[RECORDS SHOWN — start]
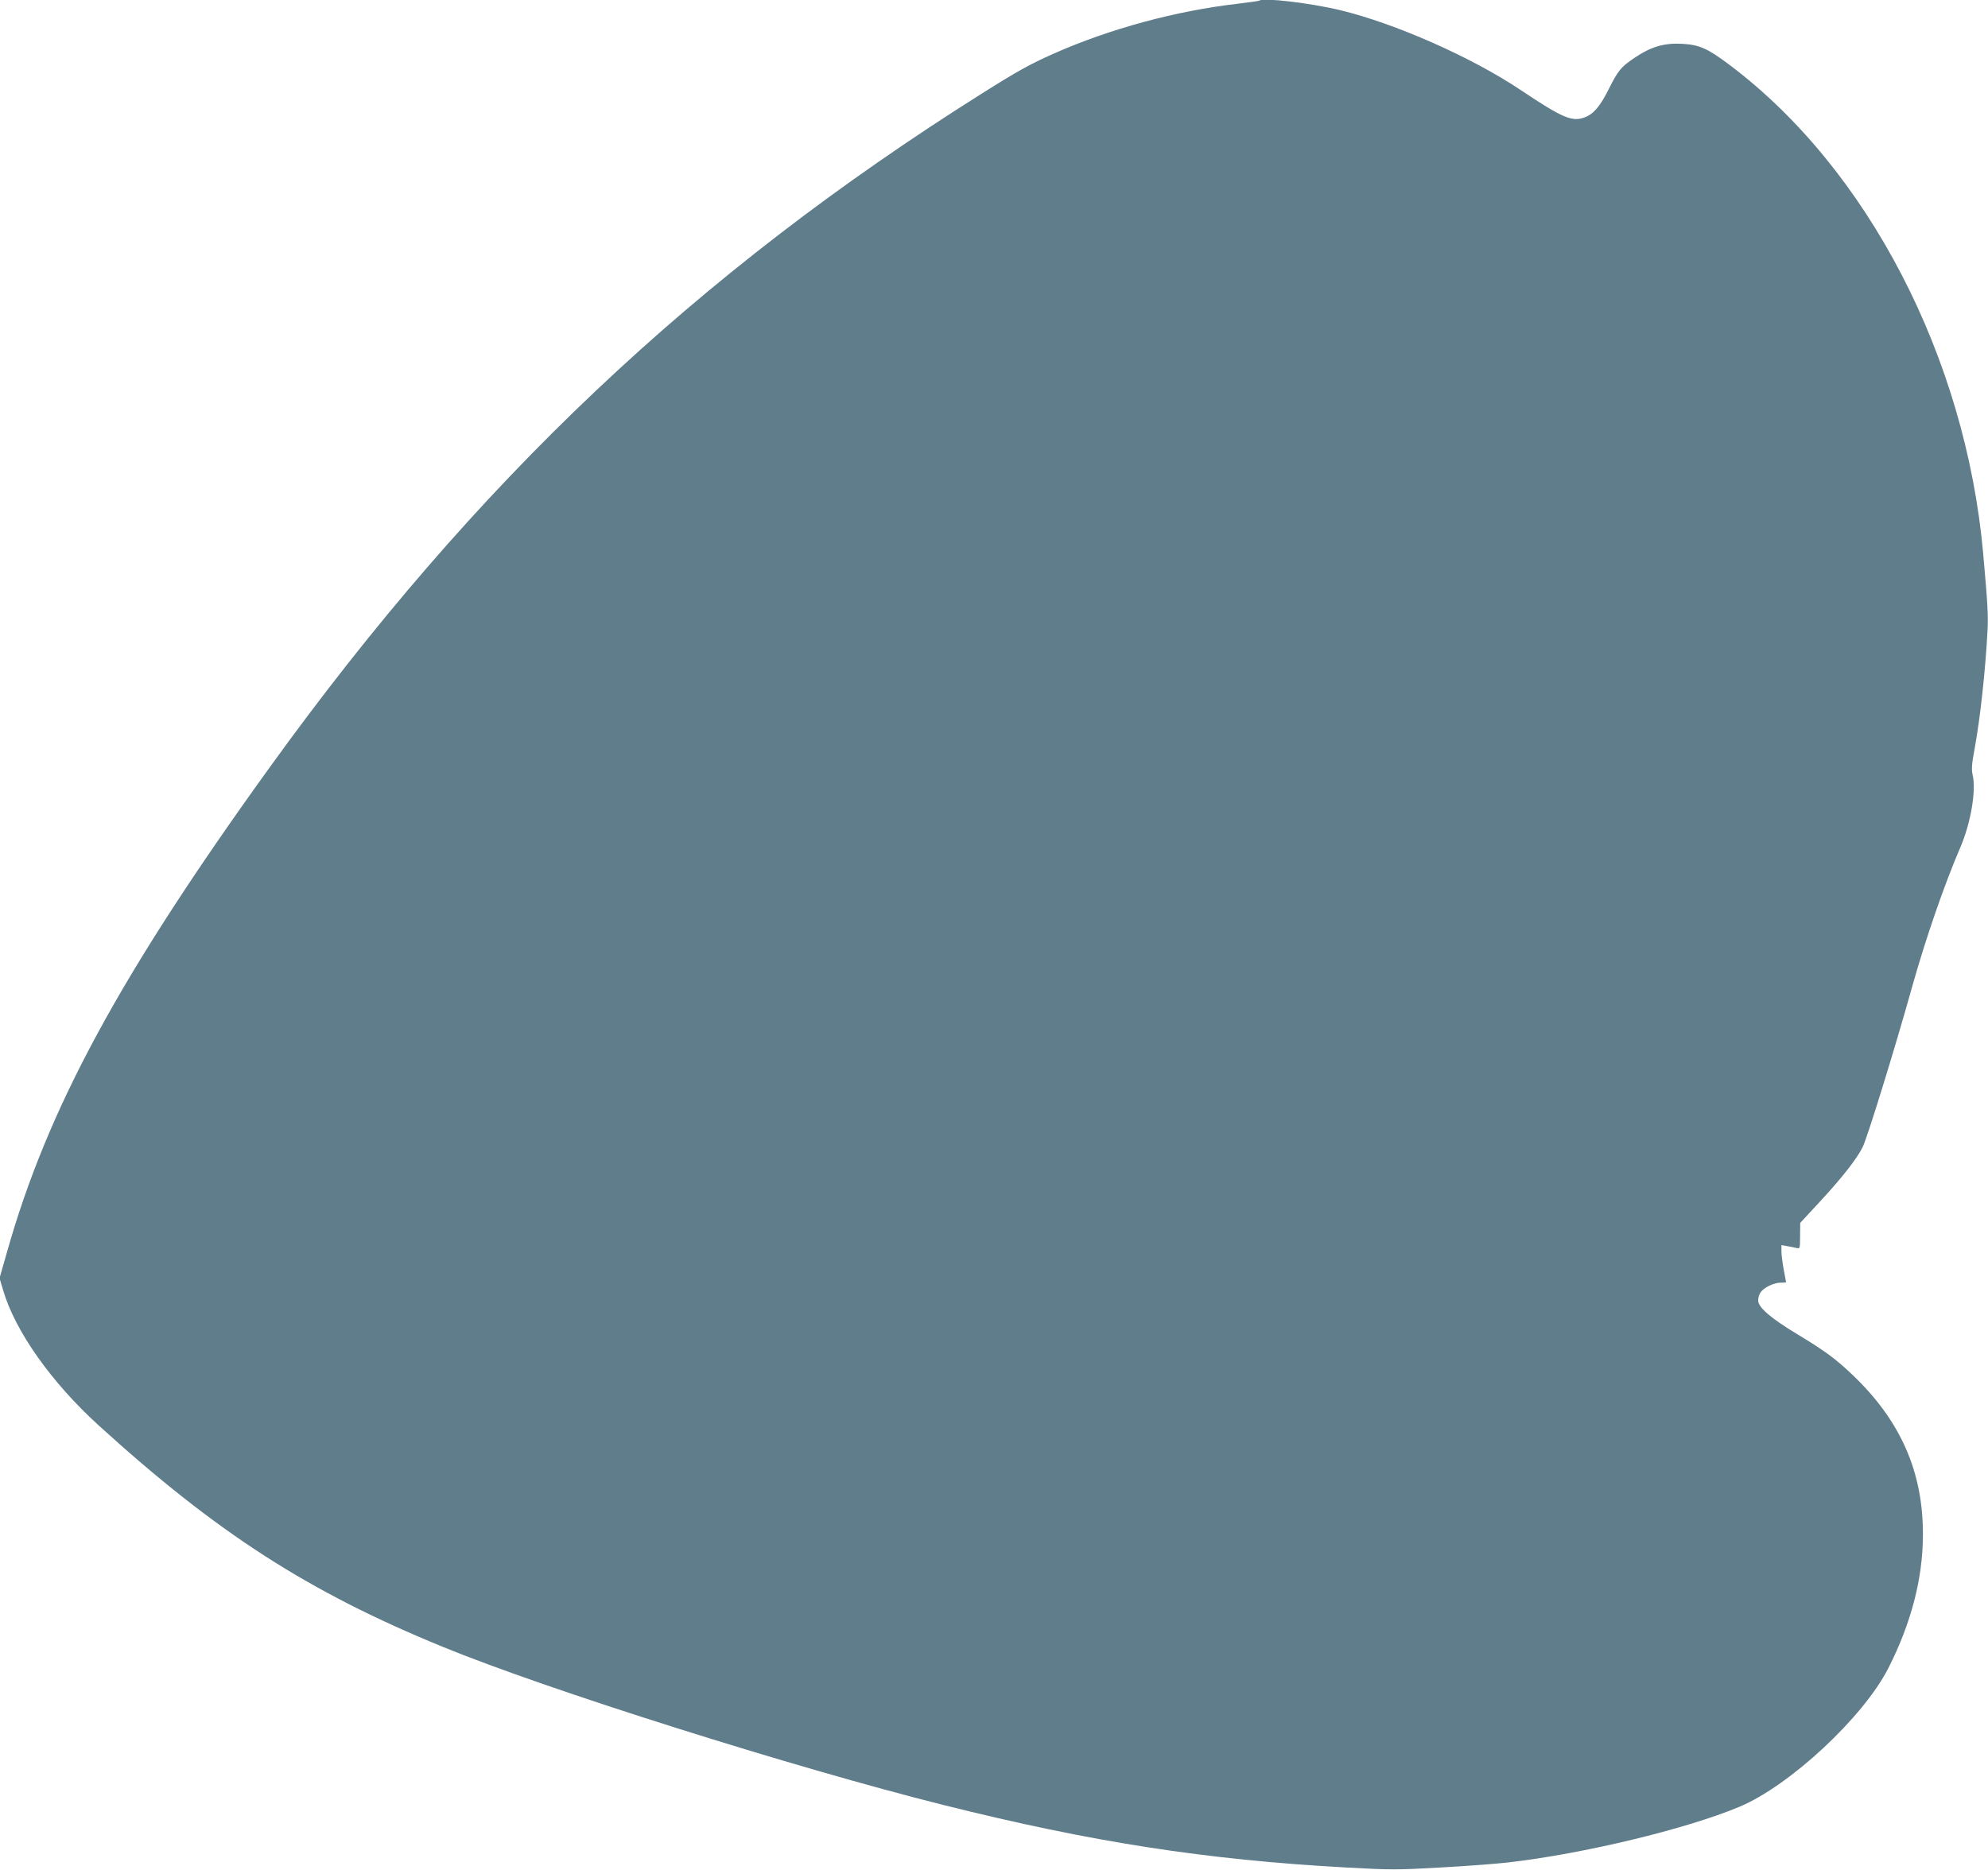 <?xml version="1.0" standalone="no"?>
<!DOCTYPE svg PUBLIC "-//W3C//DTD SVG 20010904//EN"
 "http://www.w3.org/TR/2001/REC-SVG-20010904/DTD/svg10.dtd">
<svg version="1.0" xmlns="http://www.w3.org/2000/svg"
 width="1280pt" height="1204pt" viewBox="0 0 1280 1204"
 preserveAspectRatio="xMidYMid meet">
<g transform="translate(0,1204) scale(0.1,-0.1)"
fill="#607d8b" stroke="none">
<path d="M8109 12036 c-2 -2 -65 -11 -139 -20 -400 -46 -823 -161 -1185 -321
-151 -67 -236 -114 -461 -256 -1845 -1161 -3264 -2504 -4590 -4344 -962 -1334
-1428 -2194 -1689 -3118 l-48 -168 23 -77 c77 -264 311 -594 614 -870 763
-694 1350 -1072 2214 -1426 674 -277 2269 -780 3228 -1020 955 -239 1685 -352
2589 -402 293 -16 327 -16 612 0 166 9 360 24 430 32 489 56 1152 216 1493
359 324 136 797 576 958 892 148 291 223 580 223 861 1 404 -144 733 -452
1027 -109 104 -178 155 -355 262 -173 104 -254 174 -254 219 0 16 7 40 16 52
21 31 86 62 129 62 19 0 35 1 35 3 0 1 -7 37 -15 80 -8 43 -15 97 -15 119 l0
40 38 -7 c20 -3 47 -9 60 -12 21 -5 22 -3 22 78 l1 84 125 135 c140 151 239
276 277 353 29 57 210 643 317 1027 89 317 208 662 313 906 66 154 102 364 78
464 -8 37 -6 69 14 175 35 193 68 492 82 755 5 96 1 171 -28 495 -113 1262
-742 2475 -1629 3144 -146 110 -198 133 -312 139 -113 6 -198 -19 -302 -89
-88 -59 -108 -83 -166 -199 -56 -113 -99 -164 -155 -185 -82 -32 -143 -6 -415
176 -317 212 -809 429 -1163 514 -187 45 -497 82 -518 61z"/>
</g>
</svg>
[RECORDS SHOWN — finish]
* **DESCRIPTION OF THE TASK**: Using the listing above, say how many of its lines include "http", offering nothing besides the number.

* **TASK OUTPUT**: 2